**Dataset content:**

◇ ◇ ◇

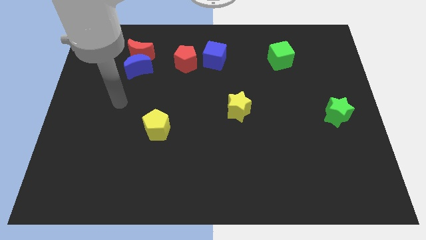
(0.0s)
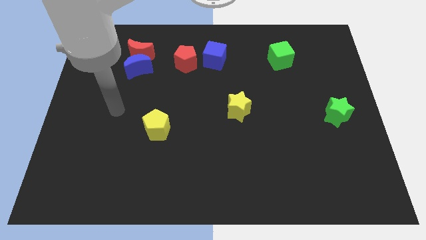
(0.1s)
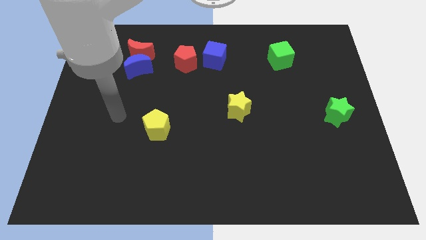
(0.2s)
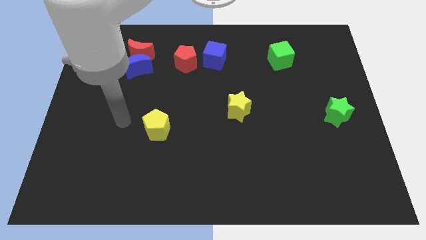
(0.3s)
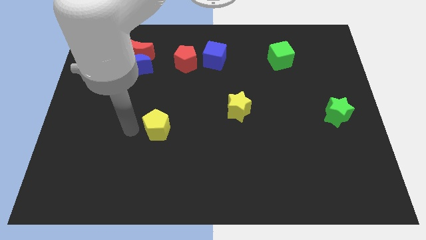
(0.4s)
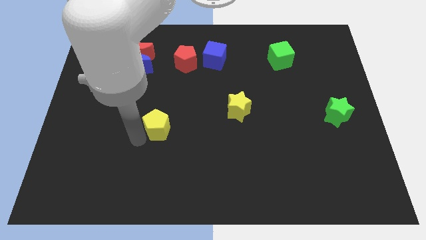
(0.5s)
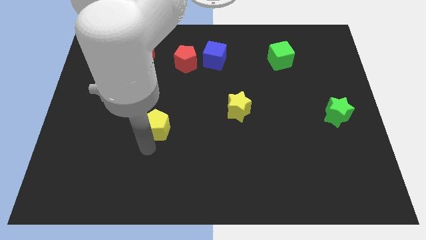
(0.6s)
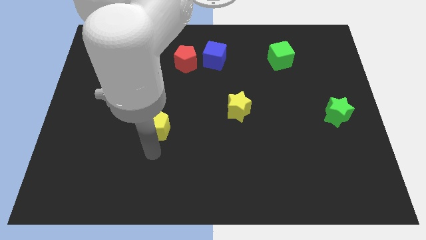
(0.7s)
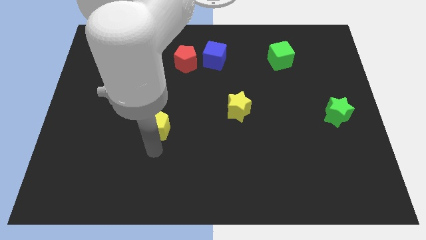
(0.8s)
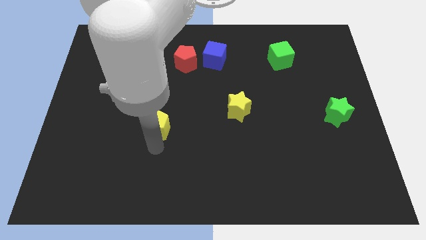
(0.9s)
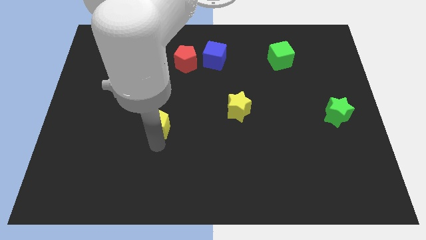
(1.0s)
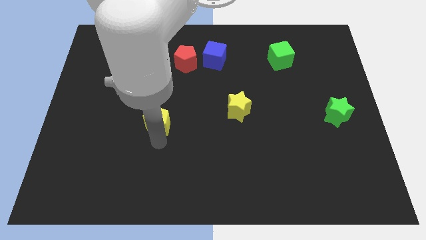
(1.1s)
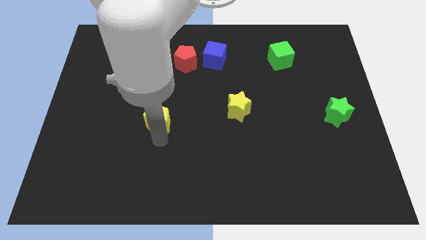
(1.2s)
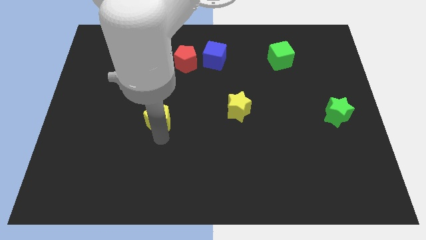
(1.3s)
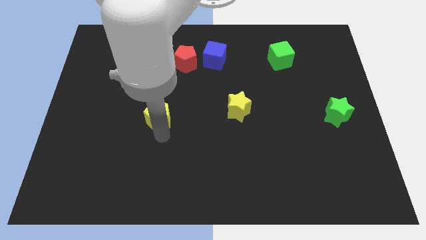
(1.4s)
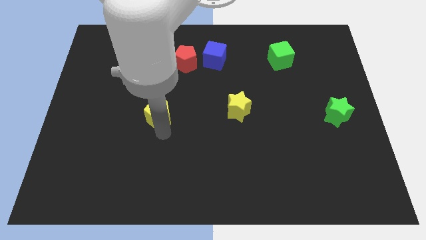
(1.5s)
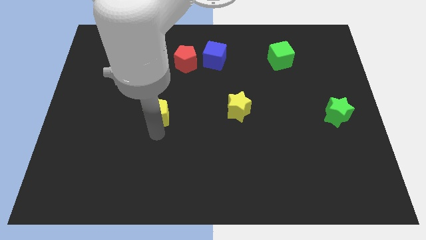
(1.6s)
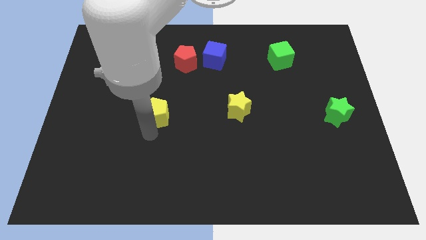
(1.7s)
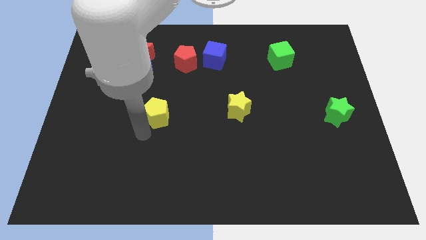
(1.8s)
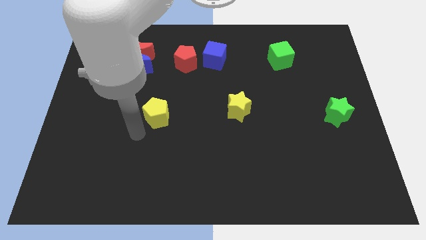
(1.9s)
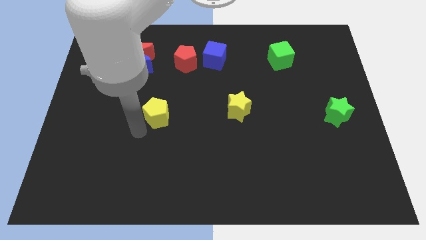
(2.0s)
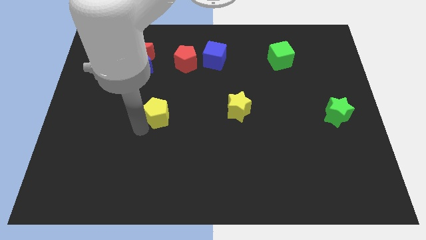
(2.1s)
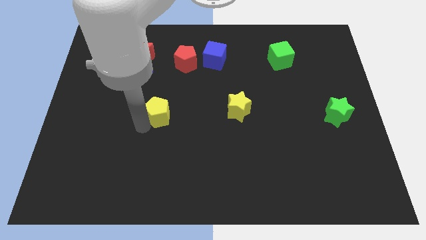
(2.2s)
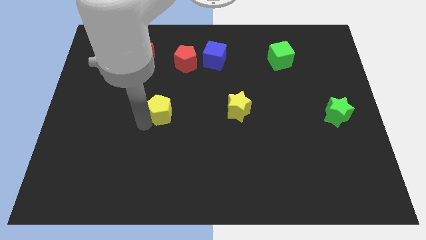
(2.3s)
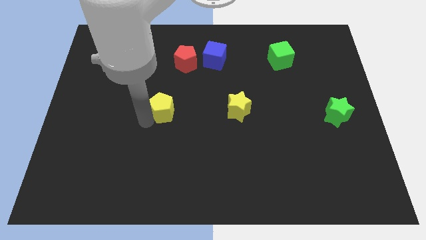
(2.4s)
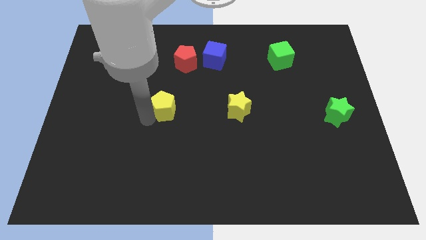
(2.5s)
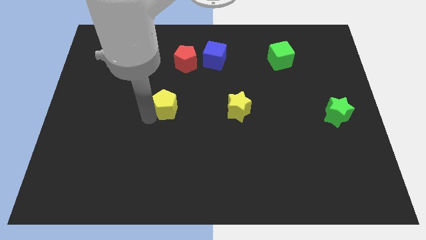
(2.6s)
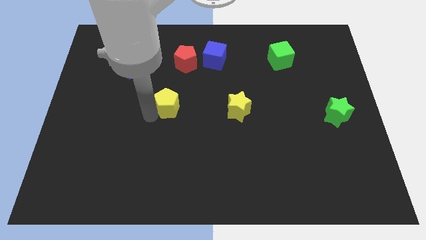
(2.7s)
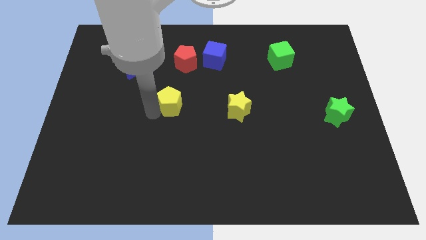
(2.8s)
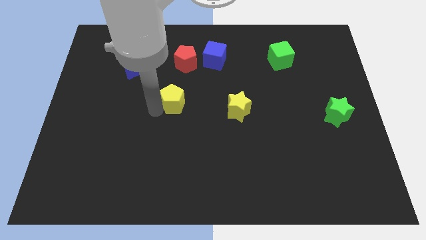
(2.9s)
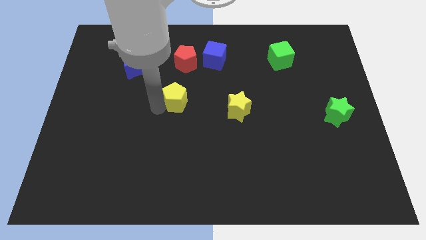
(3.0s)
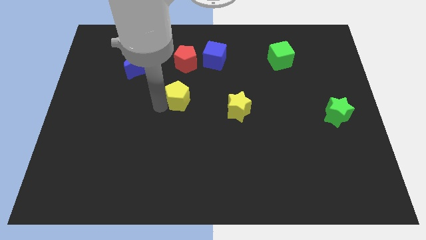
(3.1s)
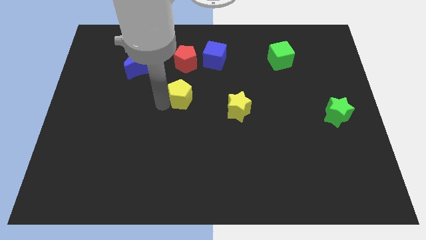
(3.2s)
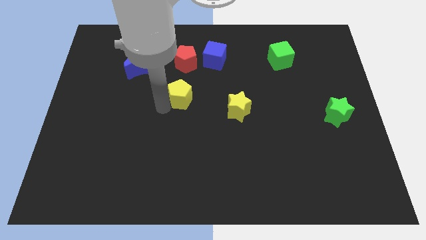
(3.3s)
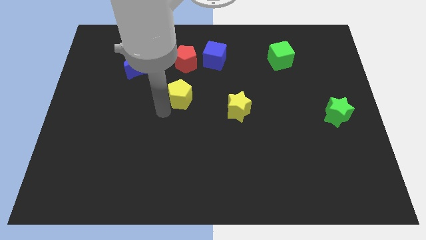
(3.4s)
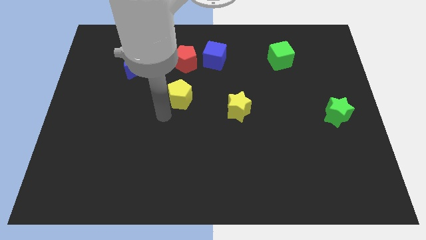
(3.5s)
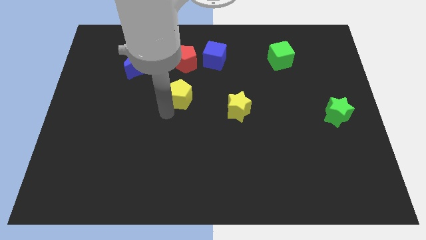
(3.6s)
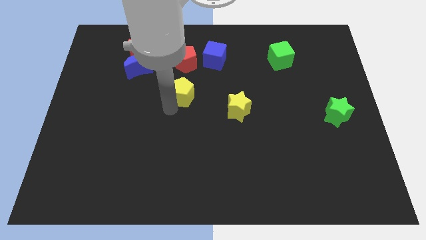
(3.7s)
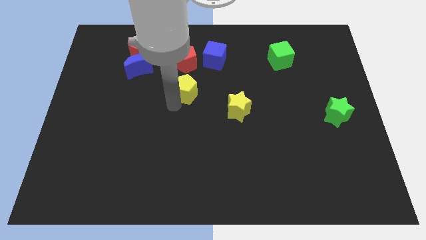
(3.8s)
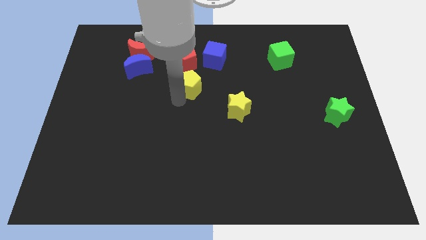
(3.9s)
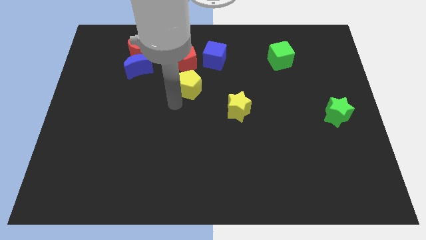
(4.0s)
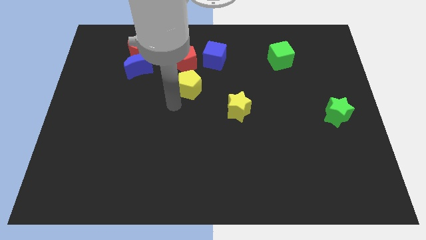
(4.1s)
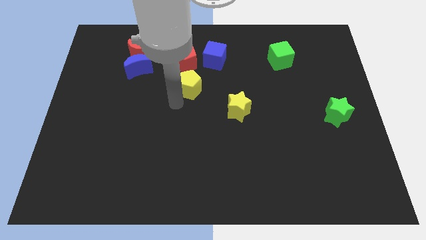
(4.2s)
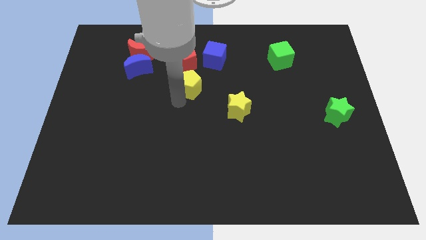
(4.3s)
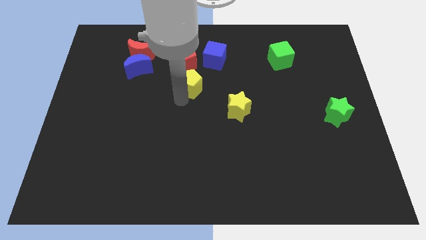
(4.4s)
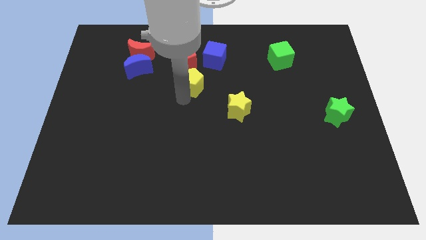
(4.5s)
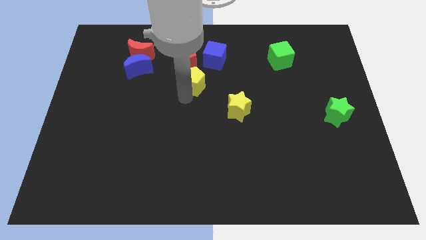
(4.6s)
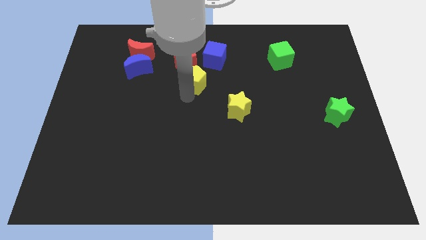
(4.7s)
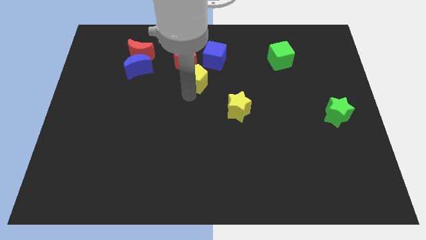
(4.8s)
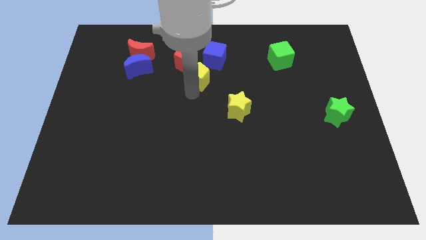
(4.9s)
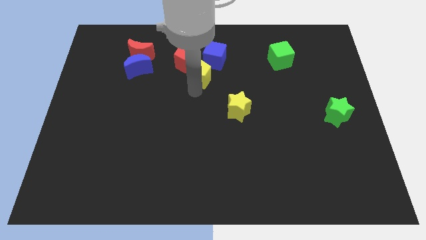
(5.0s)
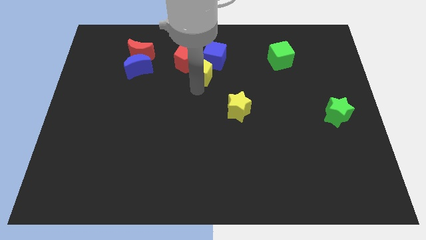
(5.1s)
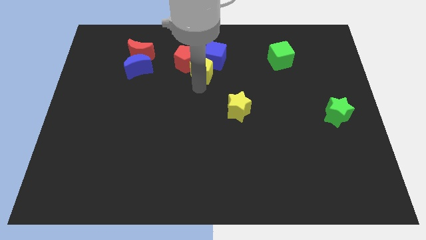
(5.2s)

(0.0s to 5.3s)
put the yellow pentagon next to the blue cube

◇ ◇ ◇

Produce the entries again, word for word, without any of their pictures.

**Answer box:**
(0.0s)
(0.1s)
(0.2s)
(0.3s)
(0.4s)
(0.5s)
(0.6s)
(0.7s)
(0.8s)
(0.9s)
(1.0s)
(1.1s)
(1.2s)
(1.3s)
(1.4s)
(1.5s)
(1.6s)
(1.7s)
(1.8s)
(1.9s)
(2.0s)
(2.1s)
(2.2s)
(2.3s)
(2.4s)
(2.5s)
(2.6s)
(2.7s)
(2.8s)
(2.9s)
(3.0s)
(3.1s)
(3.2s)
(3.3s)
(3.4s)
(3.5s)
(3.6s)
(3.7s)
(3.8s)
(3.9s)
(4.0s)
(4.1s)
(4.2s)
(4.3s)
(4.4s)
(4.5s)
(4.6s)
(4.7s)
(4.8s)
(4.9s)
(5.0s)
(5.1s)
(5.2s)

(0.0s to 5.3s)
put the yellow pentagon next to the blue cube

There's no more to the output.